BRIEF DESCRIPTION OF THE DRAWINGS
[0010] So that the manner in which the above recited features of
the present disclosure can be understood in detail, a more
particular description of the disclosure, briefly summarized above,
may be had by reference to embodiments, some of which are
illustrated in the appended drawings. It is to be noted, however,
that the appended drawings illustrate only exemplary embodiments
and are therefore not to be considered limiting of its scope, may
admit to other equally effective embodiments.
[0011] FIG. 1 illustrates an example computing environment,
according to one embodiment.
[0012] FIG. 2 further illustrates the mobile application described
relative to FIG. 1, according to one embodiment.
[0013] FIG. 3 further illustrates the analysis tool described
relative to FIG. 1, according to one embodiment.
[0014] FIG. 4 illustrates a method for building a knowledge graph
used to impute attributes onto image metadata, according to one
embodiment.
[0015] FIG. 5 illustrates a method for imputing knowledge graph
attributes onto image metadata, according to one embodiment.
[0016] FIG. 6 illustrates an application server computing system
configured to impute knowledge graph attributes onto image
metadata, according to one embodiment.
[0017] To facilitate understanding, identical reference numerals
have been used, where possible, to designate identical elements
that are common to the figures. It is contemplated that elements
and features of one embodiment may be beneficially incorporated in
other embodiments without further recitation.
DETAILED DESCRIPTION
[0018] Embodiments presented herein describe techniques for
inferring user interests from metadata associated with digital
multimedia (e.g., images and video). Digital multimedia provides a
wealth of information valuable to third parties (e.g., advertisers,
marketers, and the like). For example, assume an individual takes
pictures at a golf course using a mobile device (e.g., a smart
phone, tablet, etc.). Further, assume that the pictures are the
only indication the individual was at the golf course (e.g.,
because the individual made only cash purchases and signed no
registers). Metadata associated with this image can place the
individual at the golf course at a specific time. Further, event
data could be used to correlate whether there was going on at that
time (e.g., a specific tournament). Such information may be useful
to third parties, e.g., for targeted advertising and
recommendations.
[0019] However, an advertiser might not be able to identify an
effective audience for targeting a given product or service based
on such information alone. Even if image metadata places an
individual at a golf course at a particular point of time, the
advertiser might draw inaccurate inferences about the individual.

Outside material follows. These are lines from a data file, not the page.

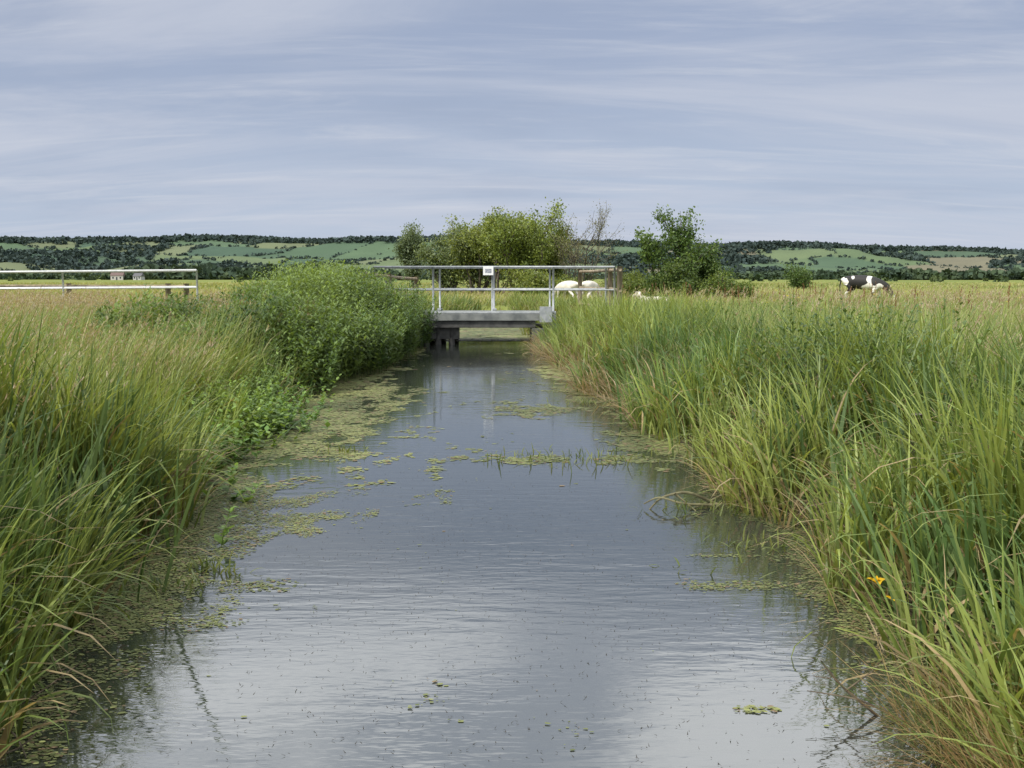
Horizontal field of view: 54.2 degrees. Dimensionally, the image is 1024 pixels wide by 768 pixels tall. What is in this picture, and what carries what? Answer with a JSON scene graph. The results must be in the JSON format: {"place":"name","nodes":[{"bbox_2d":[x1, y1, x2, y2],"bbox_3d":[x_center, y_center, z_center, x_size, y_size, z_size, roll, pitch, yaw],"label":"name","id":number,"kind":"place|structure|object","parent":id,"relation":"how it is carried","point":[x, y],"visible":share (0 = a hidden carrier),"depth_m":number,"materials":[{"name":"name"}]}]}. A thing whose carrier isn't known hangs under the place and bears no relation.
{"place":"outdoors","nodes":[
{"label":"outdoors","id":0,"kind":"place"},
{"bbox_2d":[0,329,990,767],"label":"ditch water","id":1,"kind":"structure","parent":0,"point":[346,571],"depth_m":4.88,"materials":[{"name":"grey liquid"}]},
{"bbox_2d":[3,661,82,756],"bbox_3d":[-1.900,1.198,3.596,0.603,0.303,0.309,0,6,0],"label":"dead branch","id":2,"kind":"object","parent":1,"relation":"on","point":[20,746],"visible":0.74,"depth_m":3.59,"materials":[{"name":"brown wood"}]},
{"bbox_2d":[102,397,814,597],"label":"water plants","id":3,"kind":"object","parent":1,"relation":"on","point":[207,567],"visible":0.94,"depth_m":6.37,"materials":[{"name":"green plant"}]},
{"bbox_2d":[20,418,929,767],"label":"floating debris","id":4,"kind":"object","parent":1,"relation":"on","point":[470,632],"visible":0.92,"depth_m":4.53,"materials":[{"name":"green plant"}]},
{"bbox_2d":[0,328,987,765],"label":"duckweed","id":5,"kind":"object","parent":1,"relation":"on","point":[466,336],"visible":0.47,"depth_m":7.03,"materials":[{"name":"green plant"}]},
{"bbox_2d":[644,491,722,510],"bbox_3d":[1.323,0.869,7.435,0.660,0.152,0.218,-2,6,-18],"label":"dead branch","id":6,"kind":"object","parent":1,"relation":"on","point":[684,501],"visible":0.95,"depth_m":7.41,"materials":[{"name":"wood"}]},
{"bbox_2d":[807,661,900,719],"bbox_3d":[1.326,1.200,3.874,0.353,0.247,0.061,0,6,0],"label":"dead branch","id":7,"kind":"object","parent":1,"relation":"on","point":[852,695],"visible":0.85,"depth_m":3.89,"materials":[{"name":"wood"}]},
{"bbox_2d":[0,239,1023,276],"bbox_3d":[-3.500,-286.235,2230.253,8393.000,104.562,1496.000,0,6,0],"label":"hills","id":8,"kind":"structure","parent":0,"point":[371,250],"depth_m":2295.69,"materials":[{"name":"green plant"}]},
{"bbox_2d":[0,233,1023,275],"bbox_3d":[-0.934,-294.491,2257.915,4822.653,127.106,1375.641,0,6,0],"label":"hillside hedgerows and woods","id":9,"kind":"object","parent":8,"relation":"on","point":[731,255],"visible":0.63,"depth_m":2321.05,"materials":[{"name":"green plant"}]},
{"bbox_2d":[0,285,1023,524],"bbox_3d":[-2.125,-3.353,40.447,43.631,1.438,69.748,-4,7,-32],"label":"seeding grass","id":10,"kind":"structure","parent":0,"point":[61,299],"depth_m":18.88,"materials":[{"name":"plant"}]},
{"bbox_2d":[0,279,1023,676],"bbox_3d":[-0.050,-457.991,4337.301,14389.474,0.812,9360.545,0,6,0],"label":"meadow ground","id":11,"kind":"structure","parent":0,"point":[908,597],"depth_m":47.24,"materials":[{"name":"green plant"}]},
{"bbox_2d":[0,283,188,305],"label":"timber fence","id":12,"kind":"object","parent":11,"relation":"on","point":[168,291],"visible":0.4,"depth_m":32.81,"materials":[{"name":"wood"}]},
{"bbox_2d":[0,269,198,306],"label":"metal railing","id":13,"kind":"object","parent":11,"relation":"on","point":[62,272],"visible":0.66,"depth_m":29.84,"materials":[{"name":"metal"}]},
{"bbox_2d":[110,272,124,279],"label":"cottage","id":14,"kind":"structure","parent":11,"relation":"on","point":[116,276],"depth_m":673.89,"materials":[{"name":"tile"}]},
{"bbox_2d":[133,272,144,279],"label":"cottage","id":15,"kind":"structure","parent":11,"relation":"on","point":[139,276],"depth_m":694.14,"materials":[{"name":"tile"}]},
{"bbox_2d":[0,291,411,760],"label":"reed bed","id":16,"kind":"object","parent":11,"relation":"on","point":[19,649],"visible":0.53,"depth_m":5.40,"materials":[{"name":"green plant"}]},
{"bbox_2d":[32,256,444,393],"bbox_3d":[-4.722,-1.465,19.995,6.310,2.239,11.444,0,6,0],"label":"nettle patch","id":17,"kind":"object","parent":11,"relation":"on","point":[331,287],"visible":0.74,"depth_m":17.38,"materials":[{"name":"green plant"}]},
{"bbox_2d":[359,270,418,308],"bbox_3d":[-3.403,-2.228,28.275,0.196,1.926,6.485,1,6,7],"label":"timber fence","id":18,"kind":"object","parent":11,"relation":"on","point":[415,278],"visible":0.23,"depth_m":29.36,"materials":[{"name":"wood"}]},
{"bbox_2d":[388,218,426,291],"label":"poplar tree","id":19,"kind":"object","parent":11,"relation":"on","point":[407,242],"visible":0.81,"depth_m":76.97,"materials":[{"name":"green plant"}]},
{"bbox_2d":[413,215,477,293],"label":"willow tree","id":20,"kind":"object","parent":11,"relation":"on","point":[439,258],"visible":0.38,"depth_m":71.29,"materials":[{"name":"green plant"}]},
{"bbox_2d":[441,211,512,293],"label":"willow tree","id":21,"kind":"object","parent":11,"relation":"on","point":[469,258],"visible":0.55,"depth_m":69.10,"materials":[{"name":"green plant"}]},
{"bbox_2d":[373,266,615,344],"bbox_3d":[-0.450,-1.920,26.636,6.153,2.405,2.820,0,6,0],"label":"footbridge","id":22,"kind":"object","parent":11,"relation":"on","point":[450,324],"visible":0.61,"depth_m":25.38,"materials":[{"name":"concrete"}]},
{"bbox_2d":[483,266,492,274],"bbox_3d":[-0.600,-2.858,25.261,0.260,0.220,0.016,0,6,0],"label":"notice sign","id":23,"kind":"object","parent":22,"relation":"attached to","point":[487,270],"visible":1,"depth_m":25.25,"materials":[{"name":"white metal"}]},
{"bbox_2d":[457,206,534,295],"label":"willow tree","id":24,"kind":"object","parent":11,"relation":"on","point":[477,245],"visible":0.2,"depth_m":66.41,"materials":[{"name":"green plant"}]},
{"bbox_2d":[0,308,1023,694],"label":"iris leaves","id":25,"kind":"object","parent":11,"relation":"on","point":[946,548],"visible":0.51,"depth_m":5.44,"materials":[{"name":"green plant"}]},
{"bbox_2d":[0,289,1023,579],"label":"bank herbs","id":26,"kind":"object","parent":11,"relation":"on","point":[274,421],"visible":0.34,"depth_m":9.84,"materials":[{"name":"green plant"}]},
{"bbox_2d":[0,262,1023,281],"bbox_3d":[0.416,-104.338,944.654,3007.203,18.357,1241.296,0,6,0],"label":"distant trees","id":27,"kind":"object","parent":11,"relation":"on","point":[208,271],"visible":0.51,"depth_m":748.08,"materials":[{"name":"green plant"}]},
{"bbox_2d":[0,284,1023,767],"bbox_3d":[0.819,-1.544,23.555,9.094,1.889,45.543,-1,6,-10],"label":"reed bed","id":28,"kind":"object","parent":11,"relation":"on","point":[626,320],"visible":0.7,"depth_m":6.96,"materials":[{"name":"green plant"}]},
{"bbox_2d":[476,196,568,294],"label":"willow tree","id":29,"kind":"object","parent":11,"relation":"on","point":[538,250],"visible":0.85,"depth_m":63.96,"materials":[{"name":"green plant"}]},
{"bbox_2d":[501,262,582,296],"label":"hawthorn bush","id":30,"kind":"object","parent":11,"relation":"on","point":[527,278],"visible":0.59,"depth_m":60.01,"materials":[{"name":"green plant"}]},
{"bbox_2d":[516,212,577,280],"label":"willow tree","id":31,"kind":"object","parent":11,"relation":"on","point":[558,273],"visible":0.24,"depth_m":66.76,"materials":[{"name":"green plant"}]},
{"bbox_2d":[551,281,577,298],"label":"cow","id":32,"kind":"object","parent":11,"relation":"on","point":[568,284],"visible":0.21,"depth_m":53.38},
{"bbox_2d":[541,199,627,293],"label":"bare hawthorn","id":33,"kind":"object","parent":11,"relation":"on","point":[576,254],"visible":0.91,"depth_m":63.13,"materials":[{"name":"brown plant"}]},
{"bbox_2d":[582,281,601,300],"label":"cow","id":34,"kind":"object","parent":11,"relation":"on","point":[589,284],"visible":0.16,"depth_m":49.24},
{"bbox_2d":[578,266,622,310],"bbox_3d":[2.577,-2.420,28.762,0.395,1.842,7.461,0,6,-4],"label":"timber fence","id":35,"kind":"object","parent":11,"relation":"on","point":[619,270],"visible":0.43,"depth_m":28.02,"materials":[{"name":"wood"}]},
{"bbox_2d":[599,268,644,297],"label":"hawthorn bush","id":36,"kind":"object","parent":11,"relation":"on","point":[625,275],"visible":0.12,"depth_m":61.00,"materials":[{"name":"green plant"}]},
{"bbox_2d":[616,266,659,297],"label":"hawthorn bush","id":37,"kind":"object","parent":11,"relation":"on","point":[634,279],"visible":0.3,"depth_m":57.33,"materials":[{"name":"green plant"}]},
{"bbox_2d":[632,292,668,301],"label":"cow","id":38,"kind":"object","parent":11,"relation":"on","point":[639,294],"visible":0.08,"depth_m":41.37},
{"bbox_2d":[635,256,706,296],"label":"hawthorn bush","id":39,"kind":"object","parent":11,"relation":"on","point":[674,278],"visible":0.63,"depth_m":53.97,"materials":[{"name":"green plant"}]},
{"bbox_2d":[630,203,723,277],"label":"ash tree","id":40,"kind":"object","parent":11,"relation":"on","point":[650,253],"visible":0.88,"depth_m":55.52,"materials":[{"name":"green plant"}]},
{"bbox_2d":[689,235,739,290],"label":"hawthorn bush","id":41,"kind":"object","parent":11,"relation":"on","point":[710,263],"visible":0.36,"depth_m":57.05,"materials":[{"name":"green plant"}]},
{"bbox_2d":[690,266,765,299],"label":"hawthorn bush","id":42,"kind":"object","parent":11,"relation":"on","point":[722,279],"visible":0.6,"depth_m":53.32,"materials":[{"name":"green plant"}]},
{"bbox_2d":[780,259,814,289],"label":"hawthorn bush","id":43,"kind":"object","parent":11,"relation":"on","point":[798,277],"visible":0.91,"depth_m":93.68,"materials":[{"name":"green plant"}]},
{"bbox_2d":[597,282,1017,313],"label":"dock plants","id":44,"kind":"object","parent":11,"relation":"on","point":[690,288],"visible":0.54,"depth_m":31.79,"materials":[{"name":"green plant"}]},
{"bbox_2d":[839,275,894,296],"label":"cow","id":45,"kind":"object","parent":11,"relation":"on","point":[862,282],"visible":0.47,"depth_m":49.49},
{"bbox_2d":[866,576,884,616],"bbox_3d":[1.804,1.142,4.936,0.102,0.389,0.095,0,6,0],"label":"yellow iris","id":46,"kind":"object","parent":11,"relation":"on","point":[879,580],"visible":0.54,"depth_m":4.93,"materials":[{"name":"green plant"}]},
{"bbox_2d":[886,596,894,627],"bbox_3d":[1.853,1.184,4.874,0.073,0.318,0.068,0,6,0],"label":"yellow iris","id":47,"kind":"object","parent":11,"relation":"on","point":[891,608],"visible":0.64,"depth_m":4.87,"materials":[{"name":"green plant"}]},
{"bbox_2d":[910,413,922,495],"bbox_3d":[2.619,0.608,6.431,0.185,0.851,0.096,-3,7,-23],"label":"wooden stake","id":48,"kind":"object","parent":11,"relation":"on","point":[920,414],"visible":0.22,"depth_m":6.35,"materials":[{"name":"brown wood"}]},
{"bbox_2d":[0,0,1023,249],"label":"sky","id":49,"kind":"structure","parent":0,"point":[854,122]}
]}

For example, the advertiser might assume that because the metadata
places the individual at a high-end golf course, the individual is
interested in high-end golf equipment. The advertiser might then
recommend other high-end equipment or other golf courses to that
individual. If the individual rarely plays golf or does not usually
spend money at high-end locations. Such recommendations may lead to
low conversion rates for the advertiser. Historically, advertisers
have been generally forced to accept low conversation rates, as
techniques for identifying individuals likely to be receptive to or
interested in a given product or service are often ineffective.
[0020] Embodiments presented herein describe techniques for
inferring user interests based on metadata of digital multimedia.
Specifically, embodiments describe techniques for imputing
knowledge graph attributes to digital images and videos using
metadata. In one embodiment, a multimedia service platform provides
a software development kit (SDK) that third parties may use in
mobile applications of third parties (e.g., retailers, marketers,
etc.) to access an application programming interface (API) of the
platform. The mobile application can use the API to upload images
and videos to the platform from a mobile device of a user. Further,
the multimedia service platform may identify patterns from metadata
extracted from images and videos. The metadata may describe where
and when a given image or video was taken. Further, in many cases,
embodiments presented herein can identify latent relationships
between user interests from collections of image metadata from
multiple users. For example, if many users who take pictures at
golf courses also take pictures at an unrelated event (e.g., take
pictures of a traveling museum exhibit) then the system disclosed
herein can discover a relationship between the interests.
Thereafter, advertising related to golfing products and services
could be targeted to individuals who publish pictures of the
travelling museum exhibit, regardless of any other known interest
in golf.
[0021] In one embodiment, the multimedia service platform evaluates
metadata corresponding to each image or video submitted to the
platform against a knowledge graph. The knowledge graph provides a
variety of information about events, places, dates, times, etc.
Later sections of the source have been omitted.